Business Context
Google Cloud’s technical enablement team receives thousands of internal and customer-facing questions about GenAI, ML, and NLP across support channels, training forums, and solution review queues. They want an NLP system that can automatically route each question to the right topic bucket so specialists can respond faster and reporting can show where confusion is concentrated.
Data
You are given a historical dataset of 420,000 English-language questions collected from Google Cloud training portals, support forms, and internal Q&A threads.
- Task: classify each question into one of 3 labels: GenAI, ML, or NLP
- Text length: 8-220 tokens, median 34 tokens
- Language: English only
- Label distribution: GenAI 28%, ML 37%, NLP 35%
- Noise: duplicated questions, product names (Vertex AI, BigQuery, Gemini), markdown fragments, URLs, and occasional code snippets
Success Criteria
A good solution should achieve:
- Macro-F1 ≥ 0.88 on a held-out test set
- Per-class F1 ≥ 0.85 for NLP and GenAI
- Inference latency < 80 ms per query in batch scoring
- Clear handling of ambiguous questions such as “How is an LLM different from a traditional NLP classifier?”
Constraints
- Must run in a Google Cloud production environment with modest GPU availability
- The model should be explainable enough for QA reviewers to inspect common failure modes
- Weekly retraining is allowed, but heavy manual relabeling is not
Requirements
- Build a 3-class text classification pipeline for GenAI vs ML vs NLP questions.

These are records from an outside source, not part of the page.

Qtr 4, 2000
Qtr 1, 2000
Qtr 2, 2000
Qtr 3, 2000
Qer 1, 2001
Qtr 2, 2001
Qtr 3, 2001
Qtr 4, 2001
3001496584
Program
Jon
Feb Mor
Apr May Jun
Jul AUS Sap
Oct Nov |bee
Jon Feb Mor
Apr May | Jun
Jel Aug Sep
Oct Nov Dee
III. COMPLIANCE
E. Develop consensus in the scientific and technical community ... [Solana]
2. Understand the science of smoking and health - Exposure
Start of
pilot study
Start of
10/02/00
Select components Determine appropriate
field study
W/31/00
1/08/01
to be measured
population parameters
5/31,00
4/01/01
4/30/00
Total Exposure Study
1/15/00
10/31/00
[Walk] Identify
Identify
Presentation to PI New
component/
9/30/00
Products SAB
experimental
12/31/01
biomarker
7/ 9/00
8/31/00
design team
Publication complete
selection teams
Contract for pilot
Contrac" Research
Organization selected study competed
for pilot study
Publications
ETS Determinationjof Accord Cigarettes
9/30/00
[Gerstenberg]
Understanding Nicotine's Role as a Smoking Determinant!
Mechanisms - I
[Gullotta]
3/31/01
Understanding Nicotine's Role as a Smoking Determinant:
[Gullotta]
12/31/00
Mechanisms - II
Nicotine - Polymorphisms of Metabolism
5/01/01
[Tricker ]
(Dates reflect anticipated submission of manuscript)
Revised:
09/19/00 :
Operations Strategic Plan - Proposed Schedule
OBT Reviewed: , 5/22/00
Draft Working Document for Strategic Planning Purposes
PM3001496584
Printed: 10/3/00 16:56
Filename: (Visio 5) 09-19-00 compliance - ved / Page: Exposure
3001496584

- Describe preprocessing for product names, code fragments, URLs, and repeated boilerplate.
- Implement a modern Python solution using a transformer baseline and a lightweight comparison baseline.
- Define evaluation metrics, validation strategy, and ambiguity/error analysis.
- Explain how you would distinguish high-level conceptual NLP questions from broader GenAI or ML questions.